What games do you play with your significant other?
Once per week we go behind the bar at Apathy Games and discuss gaming in more personal terms and ask you to respond. The best response will be featured the following week.
As we mentioned last week our weekend took us to a home coming of sorts at PAX: Prime. Where we spent a weekend hanging out with the coolest group of people around, and playing Duke Nukem. Yes, pigs were spotted airborne around the expo hall. It was told it took the Enforcers (the volunteer staff of the convention) hours to clean up after they were done. Don’t let anyone lie, pigs are messy.
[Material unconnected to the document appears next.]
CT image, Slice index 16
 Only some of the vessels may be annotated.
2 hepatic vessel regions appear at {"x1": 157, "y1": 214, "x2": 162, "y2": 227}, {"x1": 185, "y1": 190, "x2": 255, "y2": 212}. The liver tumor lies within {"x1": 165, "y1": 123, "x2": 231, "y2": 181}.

Between awesome panels, musical guests and the best D&D GAME EVER (hopefully a full length video will be released soon) there was a small panel by one of my favorite writers (that’s right, writer) Wil Wheaton. He recounted a story that I think is best left to his own words.
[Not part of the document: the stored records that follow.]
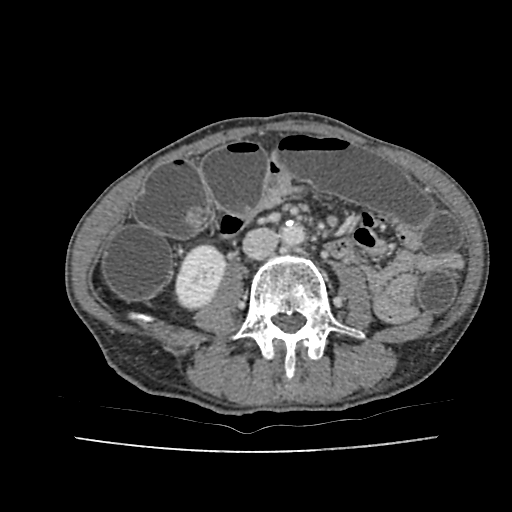 Abdomen, CT scan slice, Image size 512x512
The kidney appears at <box>177,246,225,306</box>.
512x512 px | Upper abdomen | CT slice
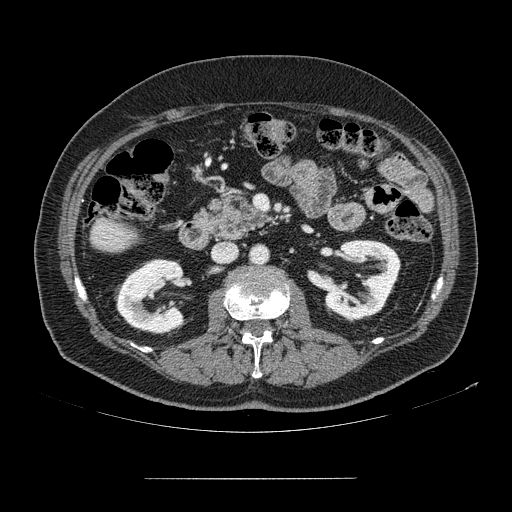

pancreas: (214,196,269,241)

My wife likes scrabble and trivia games, both of which I’m terrible at. Yet I still play some games with her, cause as much as I hate it, I love playing games with her. I’ll never get her to play a game of D&D or Savage Worlds. The idea of playing Settlers of Catan is so foreign to her that she bought it for me cause she knew I’d like playing it with friends. My wife is awesome for not only putting up with my gaming habit, but for occasionally kicking my ass at other games.
Now Your Turn: What games do you play with your significant other?
Leave your story in the comments, and next week we’ll post the best story. If you have any questions you’d like us to answer in a future Behind the Bar, let us know.
Last Week’s Winner is: David
My favorite game system of all time is EarthDawn. I played EarthDawn almost exclusively from 1994-2002. While some people I have known found the system odd and difficult to learn, EarthDawn unleashed my creativity.
Instead of classes, EarthDawn uses Disciplines, and the core abilities of the Disciplines are embodied in Talents. These talents are magical in nature, so that every character, in effect, is magical. Magical powers is no longer restricted to those who cast spells.
Each Discipline is also an outlook and a way of life. An Archer is not merely someone who wields a missile weapon, but someone who thinks of life in terms of targets and the best way to reach them.
Magic items are not merely things that have powers, but complex patterns of powers that characters unlock by studying the item, gaining knowledge of it, and perhaps by performing deeds.
These things, and others, are embedded into the game. Even writing this, it can be hard to describe why the game has such an appeal to me. But I can say this: everything I do and create in roleplaying, even now that I seldom play EarthDawn, is influenced by the years I played this game. All of the writing I do for White Haired Man in heavily indebted to EarthDawn, and I’m sure someone experienced with EarthDawn would notice this.